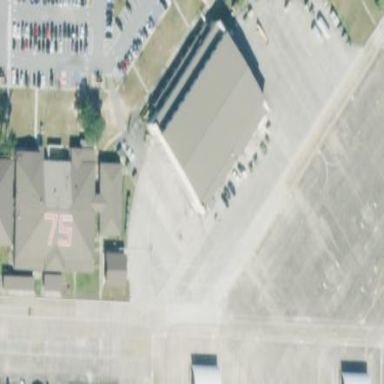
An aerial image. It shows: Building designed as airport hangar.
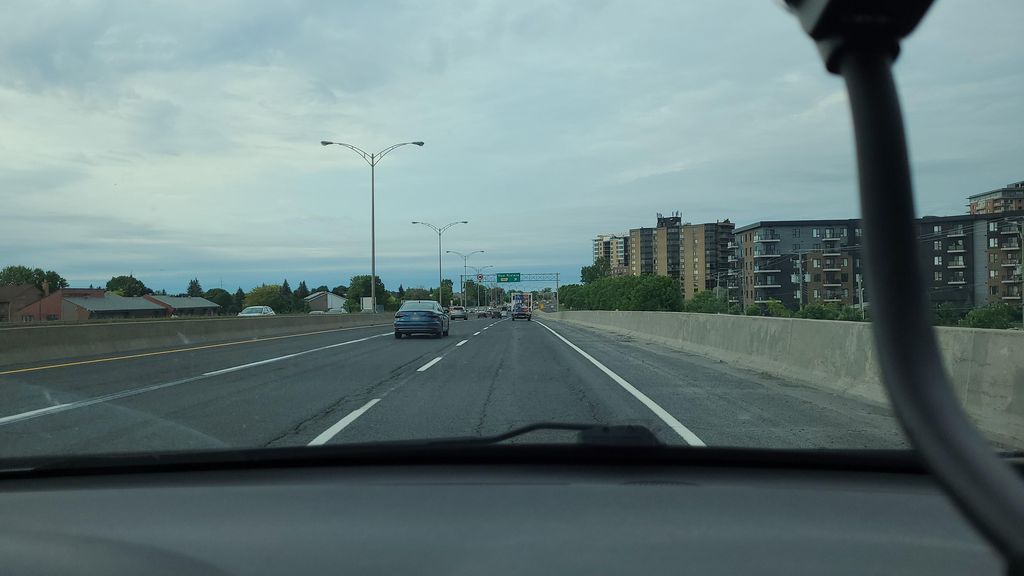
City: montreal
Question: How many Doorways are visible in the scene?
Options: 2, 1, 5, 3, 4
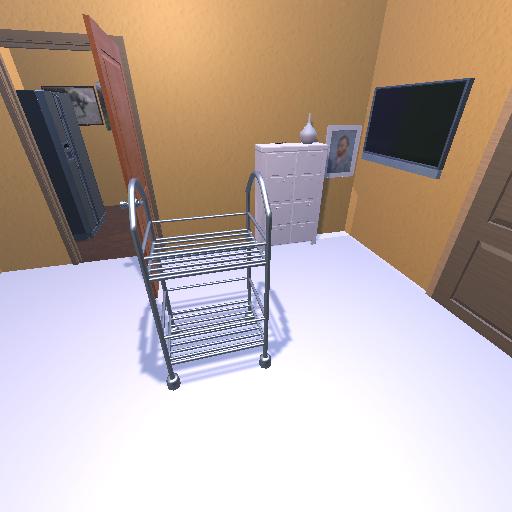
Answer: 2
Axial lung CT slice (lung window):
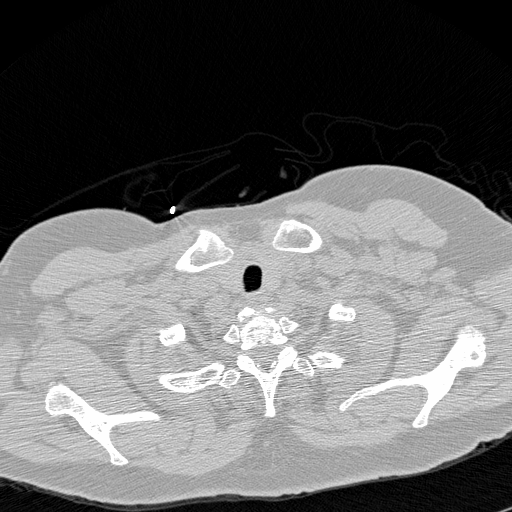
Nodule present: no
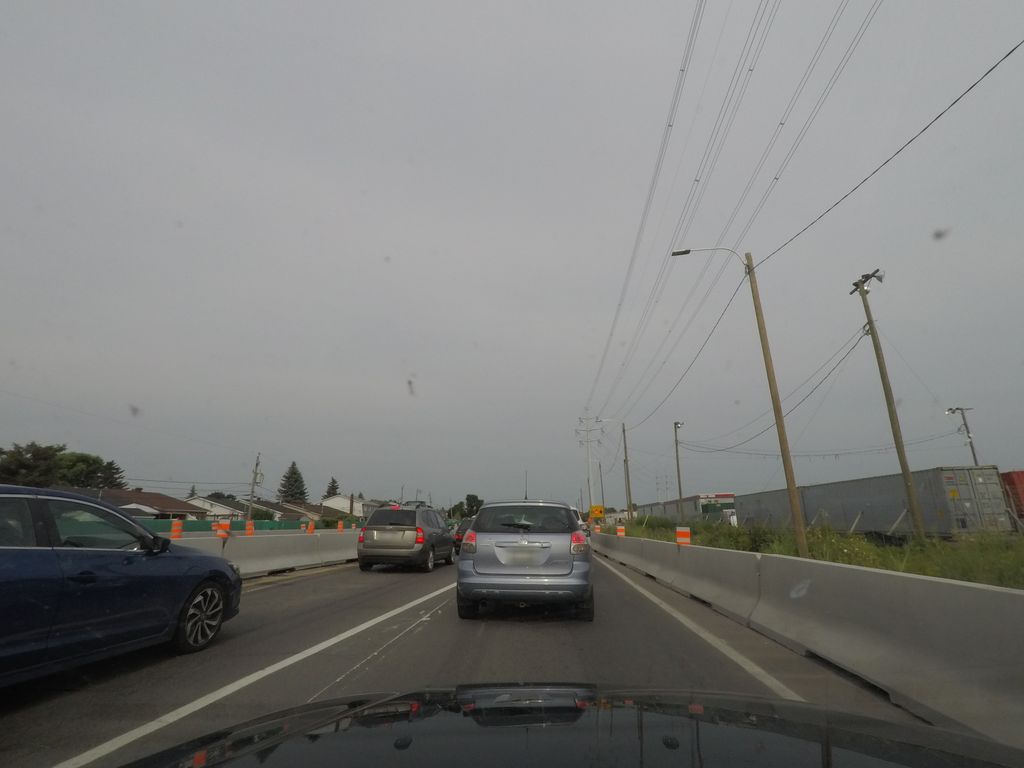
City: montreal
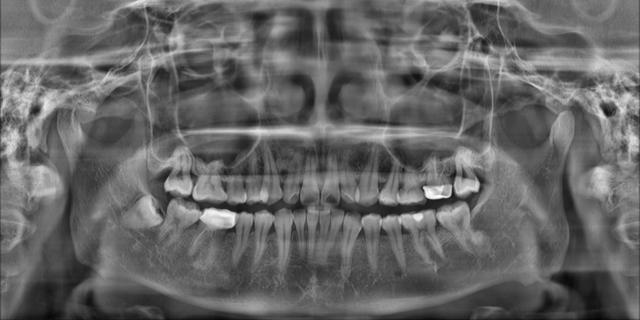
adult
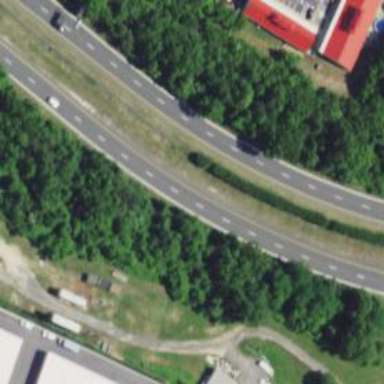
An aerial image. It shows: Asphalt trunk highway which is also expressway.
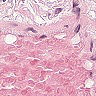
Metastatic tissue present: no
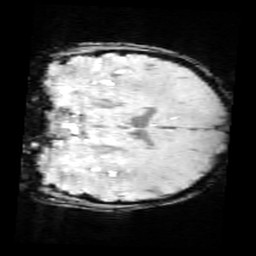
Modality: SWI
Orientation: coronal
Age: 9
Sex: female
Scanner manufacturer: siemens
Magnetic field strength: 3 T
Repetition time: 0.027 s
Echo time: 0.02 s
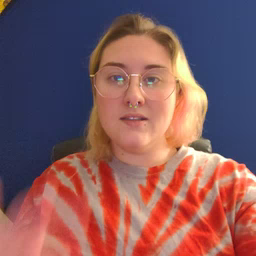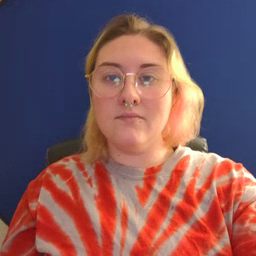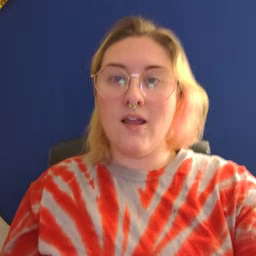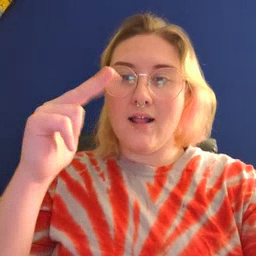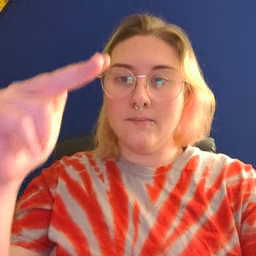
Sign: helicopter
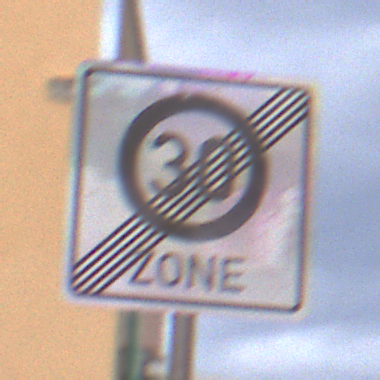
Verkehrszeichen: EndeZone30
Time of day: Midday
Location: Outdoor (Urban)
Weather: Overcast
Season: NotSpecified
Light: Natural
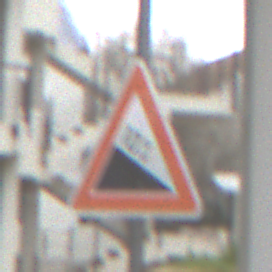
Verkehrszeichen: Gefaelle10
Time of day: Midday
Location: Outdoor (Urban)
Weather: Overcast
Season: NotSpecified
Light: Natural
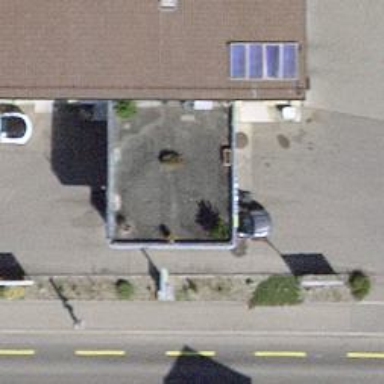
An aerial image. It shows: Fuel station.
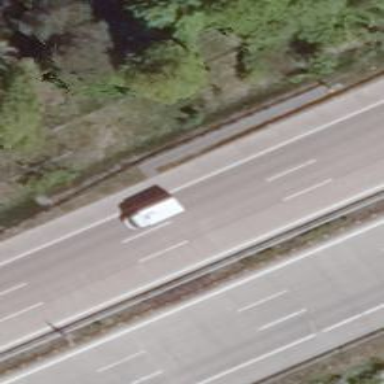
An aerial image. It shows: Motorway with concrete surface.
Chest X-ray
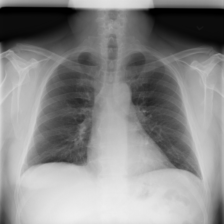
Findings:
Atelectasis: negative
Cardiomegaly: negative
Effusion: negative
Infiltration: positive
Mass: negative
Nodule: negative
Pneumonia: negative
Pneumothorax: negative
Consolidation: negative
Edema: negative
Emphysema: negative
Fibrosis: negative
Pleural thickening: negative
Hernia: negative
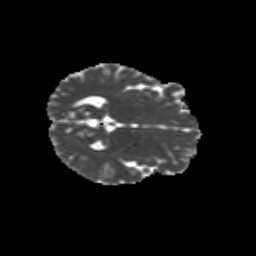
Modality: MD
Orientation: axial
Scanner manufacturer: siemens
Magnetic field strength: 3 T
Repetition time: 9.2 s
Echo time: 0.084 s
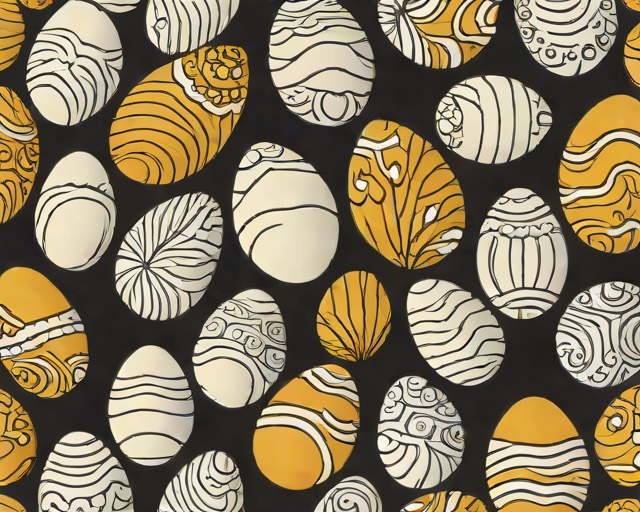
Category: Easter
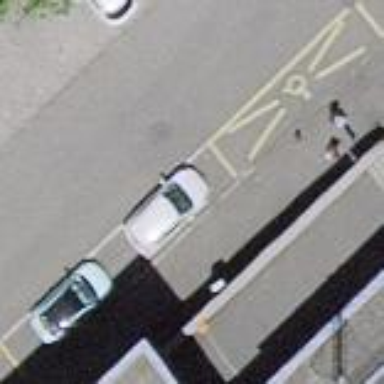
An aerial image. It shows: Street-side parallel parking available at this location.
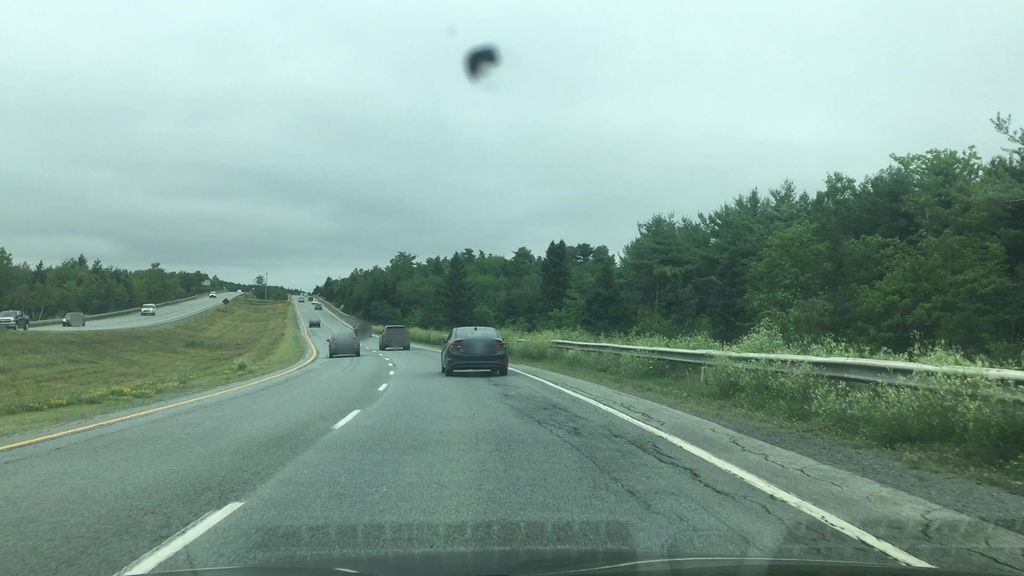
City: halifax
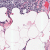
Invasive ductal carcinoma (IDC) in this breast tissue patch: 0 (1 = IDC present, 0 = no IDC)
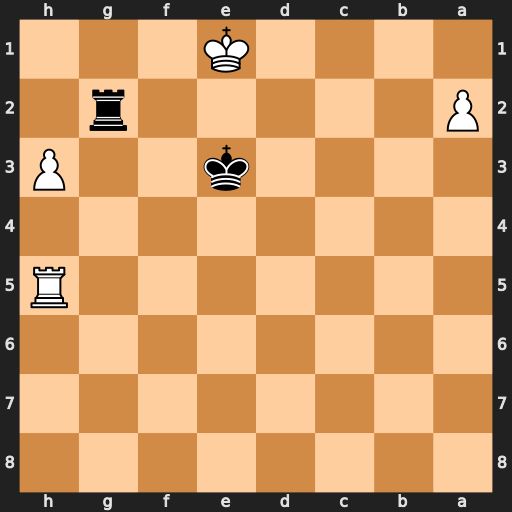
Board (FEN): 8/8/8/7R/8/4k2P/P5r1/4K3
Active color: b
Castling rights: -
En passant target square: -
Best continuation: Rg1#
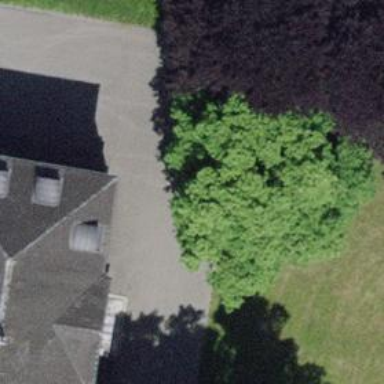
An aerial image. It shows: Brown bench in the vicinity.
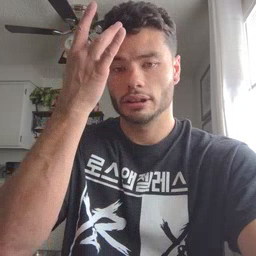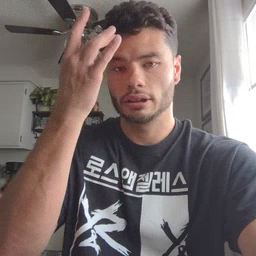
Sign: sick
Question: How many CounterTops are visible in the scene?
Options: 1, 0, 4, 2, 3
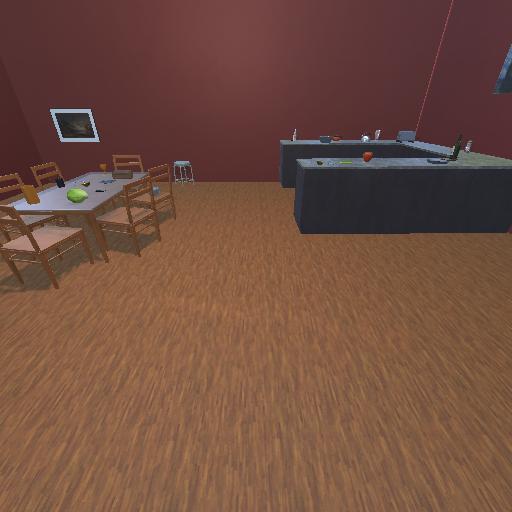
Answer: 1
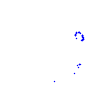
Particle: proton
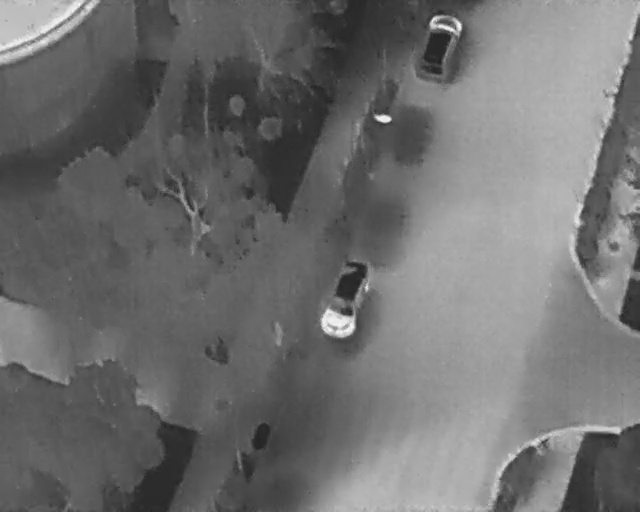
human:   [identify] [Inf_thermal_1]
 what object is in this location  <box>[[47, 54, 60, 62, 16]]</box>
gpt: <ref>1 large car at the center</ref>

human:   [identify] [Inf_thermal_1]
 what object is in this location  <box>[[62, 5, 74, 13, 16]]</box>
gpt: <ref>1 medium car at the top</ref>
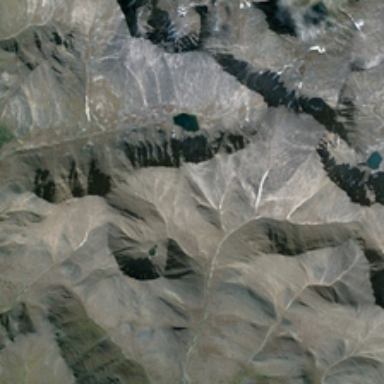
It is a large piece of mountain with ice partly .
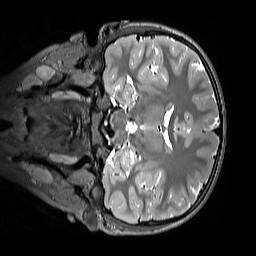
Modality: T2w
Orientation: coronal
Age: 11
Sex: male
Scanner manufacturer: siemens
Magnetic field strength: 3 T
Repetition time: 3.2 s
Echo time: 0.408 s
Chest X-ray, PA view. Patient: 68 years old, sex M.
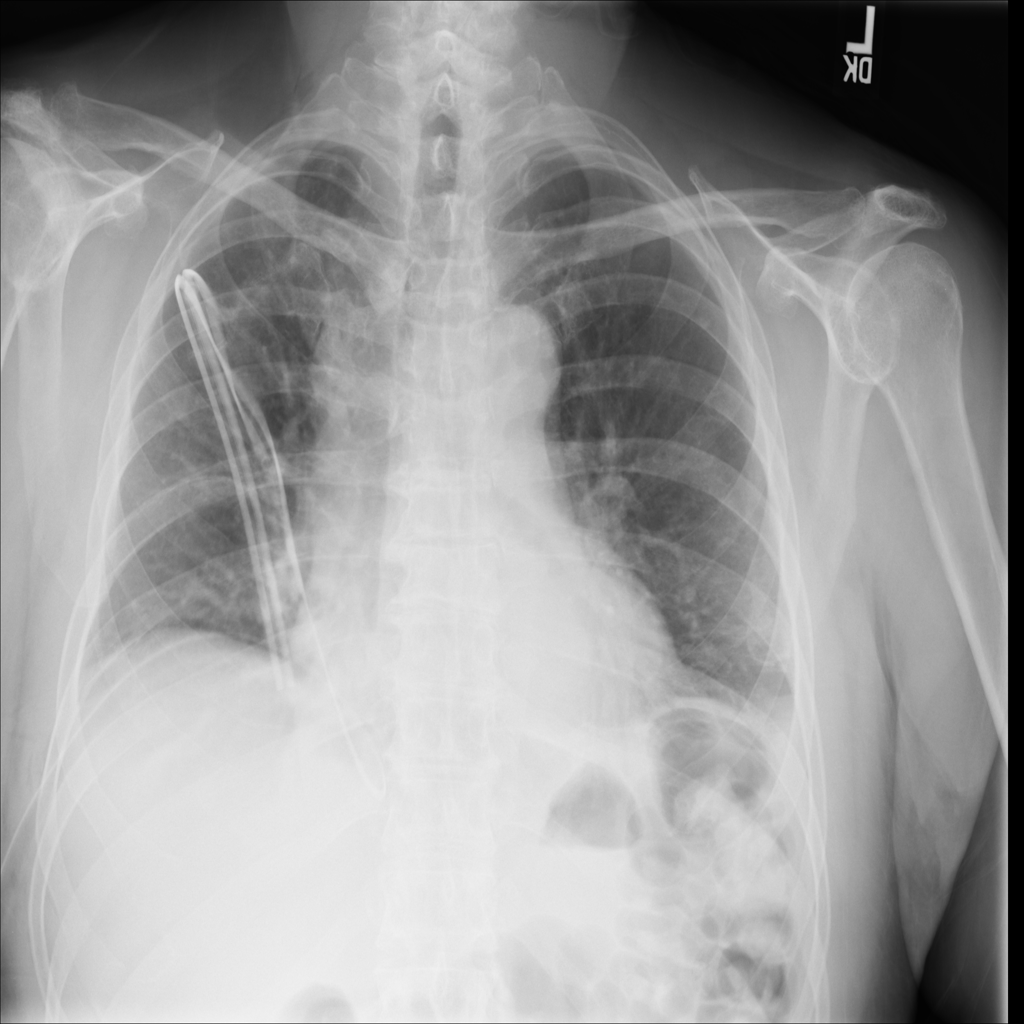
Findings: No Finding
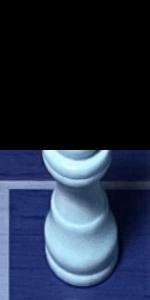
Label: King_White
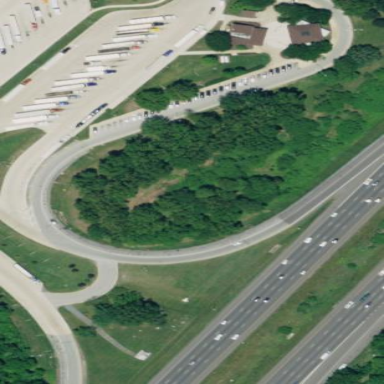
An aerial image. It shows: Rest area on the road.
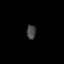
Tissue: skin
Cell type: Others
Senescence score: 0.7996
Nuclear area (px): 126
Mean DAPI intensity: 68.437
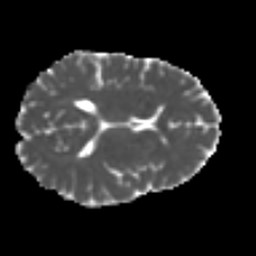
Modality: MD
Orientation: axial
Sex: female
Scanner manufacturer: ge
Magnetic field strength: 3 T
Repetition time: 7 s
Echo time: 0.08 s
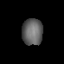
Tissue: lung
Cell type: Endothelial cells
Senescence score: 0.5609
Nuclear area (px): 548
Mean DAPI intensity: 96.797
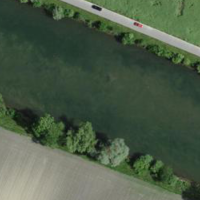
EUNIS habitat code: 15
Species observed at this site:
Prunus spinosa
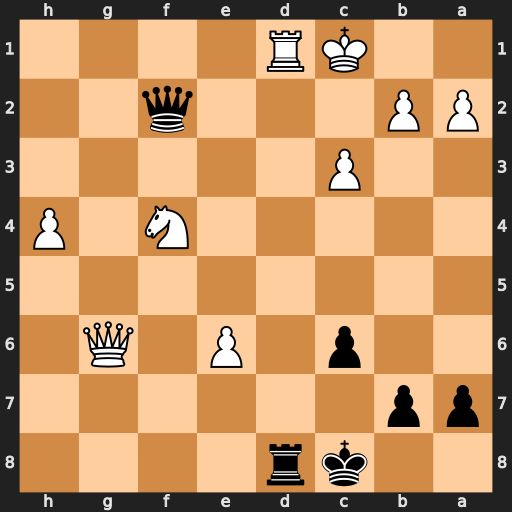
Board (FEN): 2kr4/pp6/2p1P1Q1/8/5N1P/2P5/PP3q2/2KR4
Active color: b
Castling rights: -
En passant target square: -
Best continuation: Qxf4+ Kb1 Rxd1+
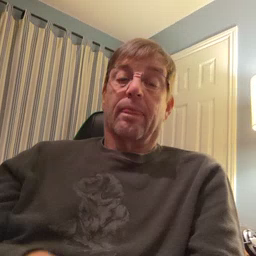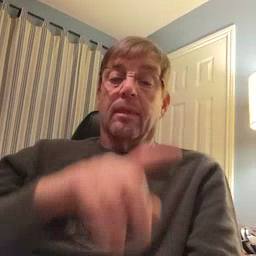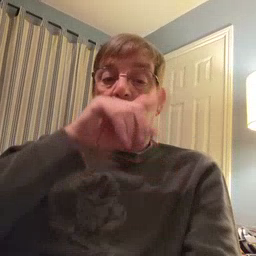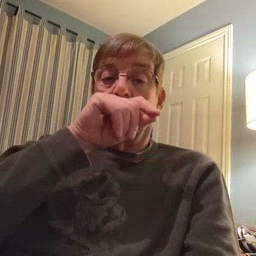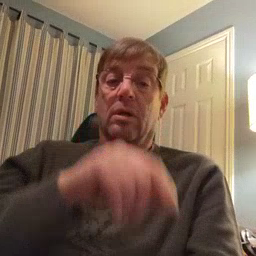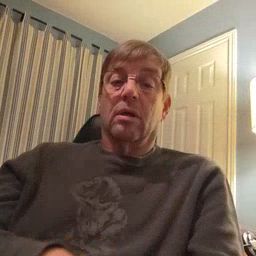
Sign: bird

Exercise aim
Write out every line of the data that holds the word "Modality".

Answer box
Modality: SWI
Modality: MD
Modality: T2w
Modality: MD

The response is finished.